March 23, 2012

The Army would like you to work some magic, please

Blogs

So, the first thing I learned today is that, inside the Department of Defense, STTR stands for “Small Business Technology Transfer.” And people wonder why the federal government is considered rather opaque.

I discovered this after stumbling across a solicitation through the Small Business Innovation Research portion of the DoD’s Resource Center, calling for “Real Time 3-D Modeling and Immersive Visualization for Enhanced Soldier Situation Awareness.” That’s the kind of title that makes my Google alerts blow up.

But what is it exactly they’re looking for? Let’s see if I can unpack this:

Develop real time 3-D mapping, localization and immersive visualization algorithms and processing technologies to enable seamless and automated real time processing of video and 3-D point cloud data collected from moving air and/or ground platforms and construction of high fidelity, textured, geo-referenced 3-D models of the environment. Demonstrate capability to fully integrate video and point cloud/depth data from multiple sources to provide a globally aligned, consistent and geo-referenced 3-D textured map of the environment with automated detection and alert generation of moving objects and/or stationary objects of interest based on user defined features/characteristics.

(First of all, can we PLEASE stop writing 3D as 3-D? Please? Do you people still hyphenate email? If you’re going to hyphenate anything in that paragraph, it should be “real-time,” since it’s a compound modifier of the gerund “processing” …) Anyway, it would appear the Army would like it if they could fly over a place with lidar, have soldiers on the ground with streaming video, and have lidar on vehicles, all streaming data back to a central database and combining to create a georeferenced model that’s continuously updated.

Oh, and while you’re doing that, smash in some command-and-control functionality so that the Army will not only be notified of moving targets with alarms, but also be alerted to targets that aren’t even moving, based on automatic object recognition.

Oh, and by the way, you probably won’t have GPS available. And the solution has to be open architecture and non-proprietary.

No problem, right? Well, cool, get your submission in by Wednesday, March 28, because that’s when the solicitation closes.
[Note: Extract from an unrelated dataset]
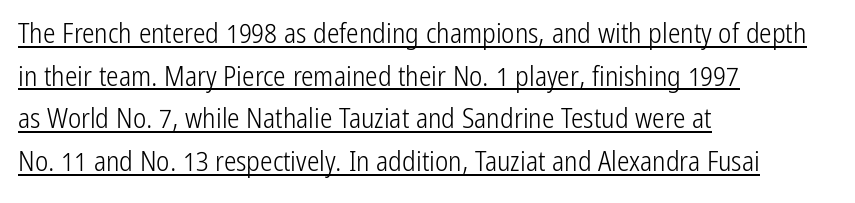
The lines in this sample share a left origin and differ only in where they stop. A continuous stroke trails under the words, as in a hyperlink. Heaviness? Minimal to ordinary, like unemphasized prose. A roman cut, with each character standing at attention. Letter spacing: default.

Seriously, though, is this even remotely possible with current technology? It’s pretty cool to think about all the potential pieces of current solutions that would have to be bolted together to make it work. It’s also pretty cool to read the way guys from the Army write: “Soldiers within the Future Force and those in the current force engaged in combat operations must be able to quickly reduce opposition within urban and complex GPS-denied environments while minimizing friendly force casualties.” By capitalizing “Future Force,” does that indicate that there’s actually a division of the Army called the Future Force, and they’ve got all the coolest new technology? Like the Rangers, but everyone gets issued a jetpack or something? I suppose they can’t just say, “it’d be sweet if we knew exactly where all the bad guys were right away so we could kill them really easily without killing anybody we didn’t want to kill. Or, ya know, capture them, we guess.”
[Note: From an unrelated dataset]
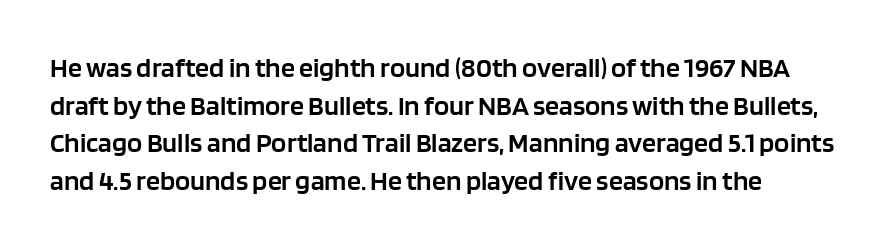
The image shows 28 px semibold sans-serif type, upright; set left-aligned, normal line spacing (1.34x), normal letter spacing, not underlined; low stroke contrast and a large x-height.

Sorry, I keep getting distracted. It’s a Friday and the sun is shining. Makes me a bit slap happy. So, what do we need here? First, we need all the lidar folks to export in the same data format, in real time. Does the e57 file format get that done? Seems like it. Then, all the people working on videogrammetry have to make sure they’re creating point clouds in the same format after their processors work their magic. When Bentley talks about the point cloud as a fundamental data point, they’re not kidding. As long as all the information can be converted in real-time to x/y/z points, with all other data associated with independent points, you’ve got something to work with.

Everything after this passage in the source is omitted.